Once you have measured a disparity, you have three categories of options:

**Pre-processing** -- fix the data before training:
reweighting under-represented groups, resampling, or removing proxy features.

**In-processing** -- modify the model or training objective:
add fairness constraints to the loss function, use adversarial debiasing.

**Post-processing** -- adjust model outputs after training:
apply different decision thresholds per group, recalibrate predictions.

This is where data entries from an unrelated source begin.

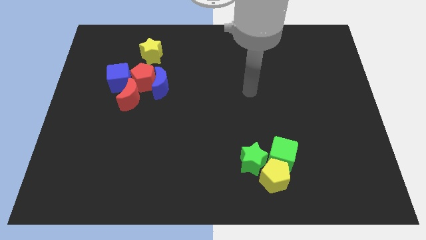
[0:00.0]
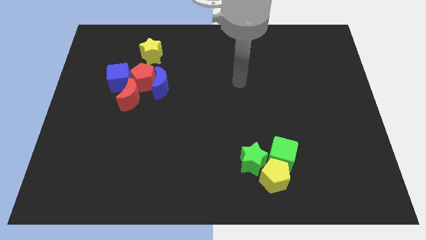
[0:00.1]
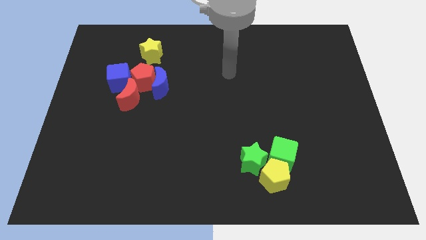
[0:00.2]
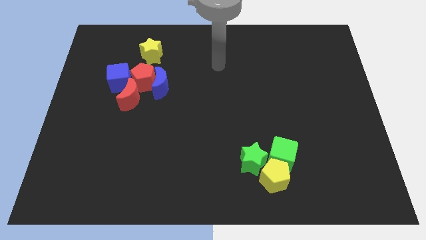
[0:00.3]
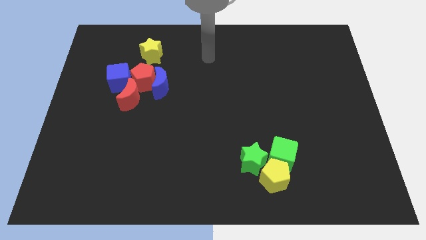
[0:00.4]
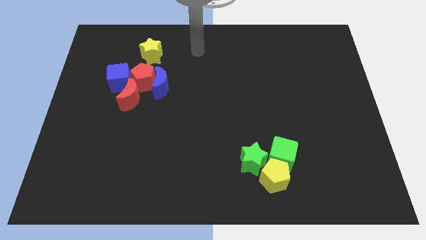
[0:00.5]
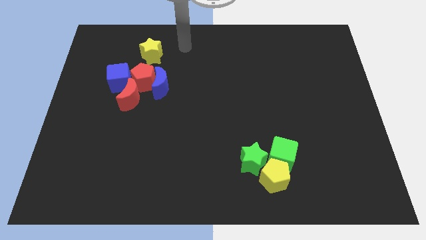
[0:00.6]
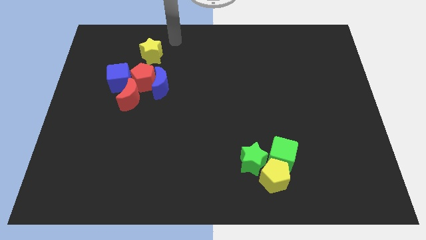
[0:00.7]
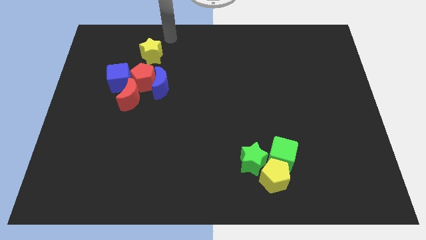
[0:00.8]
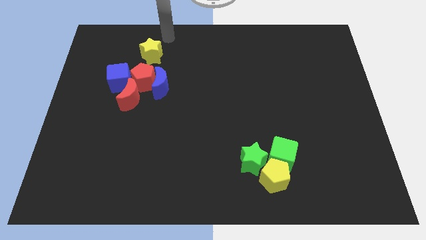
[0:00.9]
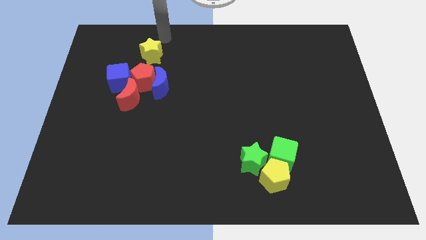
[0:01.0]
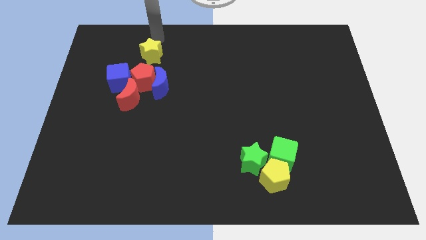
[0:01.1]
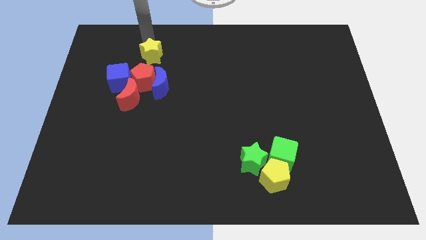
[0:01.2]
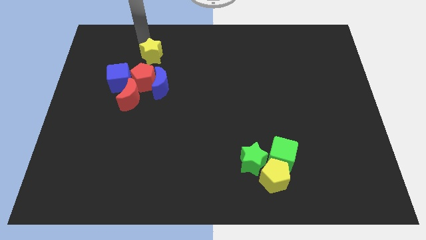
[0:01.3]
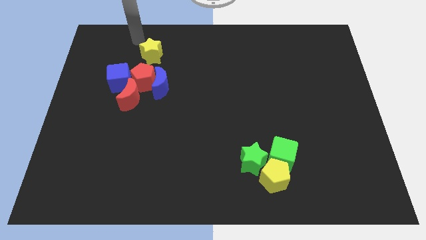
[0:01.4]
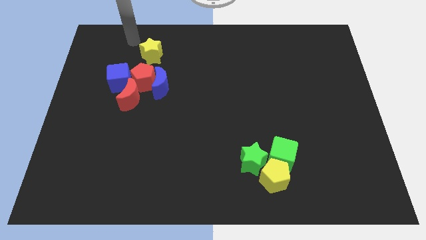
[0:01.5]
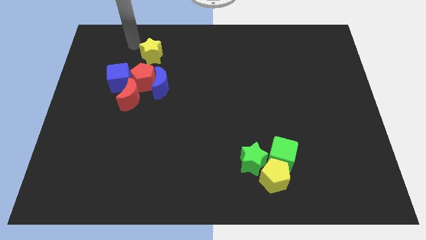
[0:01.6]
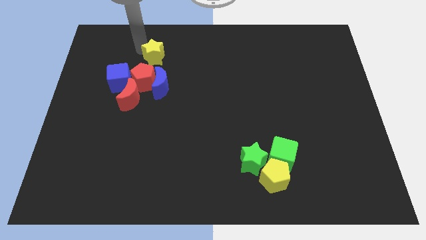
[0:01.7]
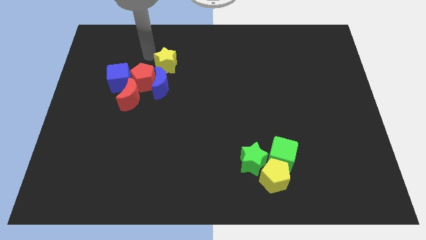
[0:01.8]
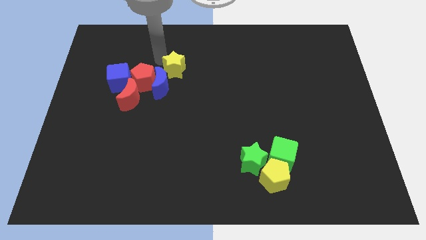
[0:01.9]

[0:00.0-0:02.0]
move the arm into the yellow star

We demonstrate the two most practical techniques: sample reweighting
(pre-processing) and threshold adjustment (post-processing).


In [None]:
# 9.5.1 -- Pre-processing: sample reweighting
#
# Give under-represented countries higher weight during training
# so the model pays equal attention to each country regardless of sample size.

# Compute inverse-frequency weights: rare countries get higher weight
country_counts = df.loc[idx_train, 'Country'].value_counts()
total          = len(idx_train)
country_weights = (total / (len(country_counts) * country_counts)).to_dict()

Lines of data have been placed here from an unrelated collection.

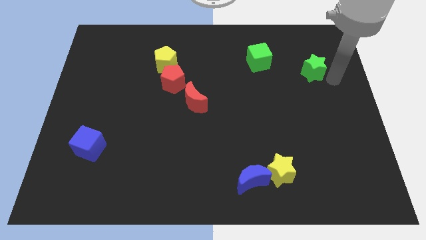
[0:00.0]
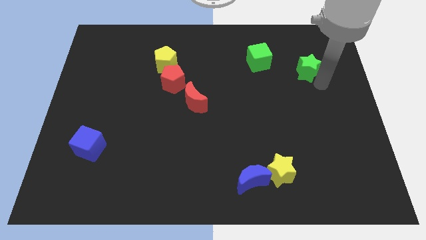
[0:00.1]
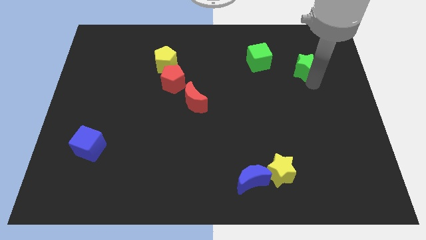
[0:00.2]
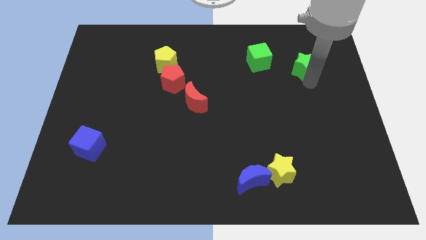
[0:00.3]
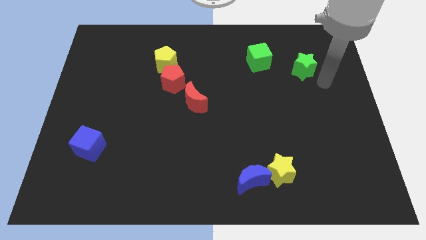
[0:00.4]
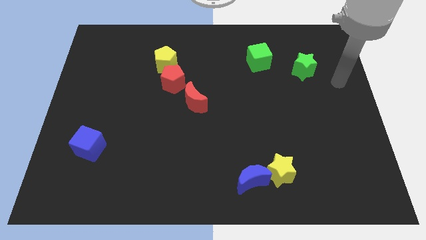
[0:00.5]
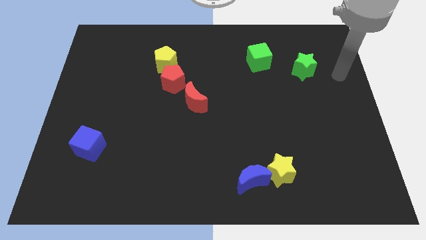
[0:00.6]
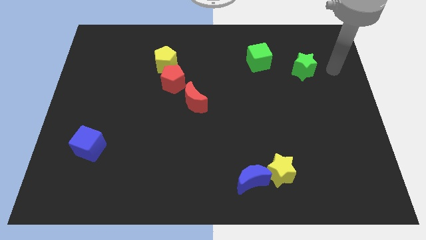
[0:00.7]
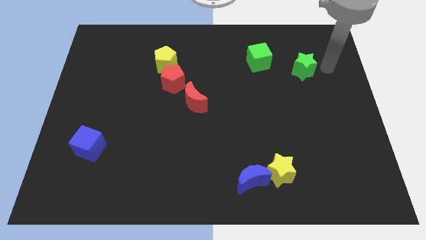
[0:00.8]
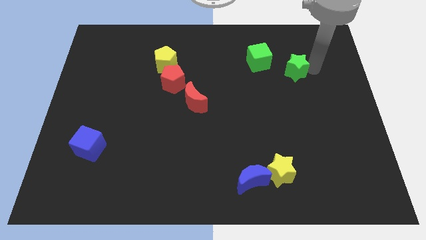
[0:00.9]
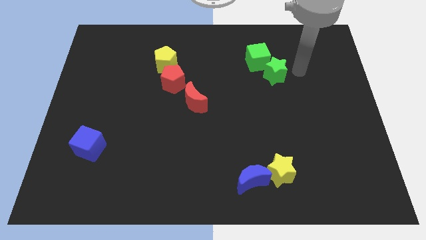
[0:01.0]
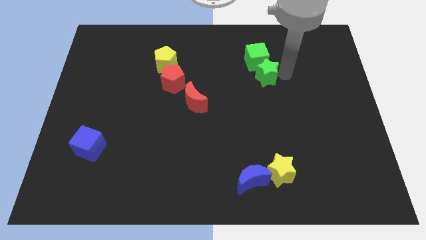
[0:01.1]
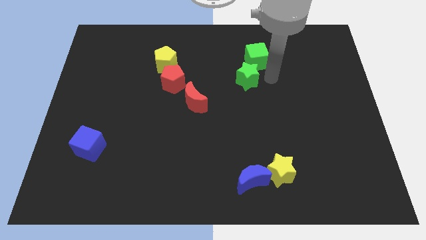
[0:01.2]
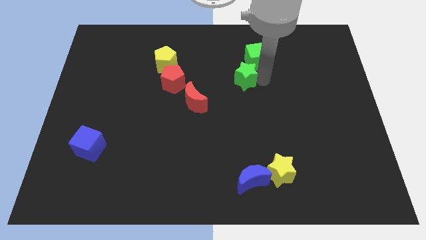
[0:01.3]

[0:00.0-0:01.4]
push the green star to the bottom of the green cube

train_weights = df.loc[idx_train, 'Country'].map(country_weights).fillna(1.0).values
train_weights = train_weights / train_weights.mean()   # normalise so mean weight = 1

print(f'Sample weights range: {train_weights.min():.3f} to {train_weights.max():.3f}')
print(f'Mean weight: {train_weights.mean():.3f}')

# Retrain with sample weights
model_weighted = RandomForestRegressor(
    n_estimators=100, max_depth=8,
    random_state=RANDOM_STATE, n_jobs=-1
)
model_weighted.fit(X_train_sc, y_train, sample_weight=train_weights)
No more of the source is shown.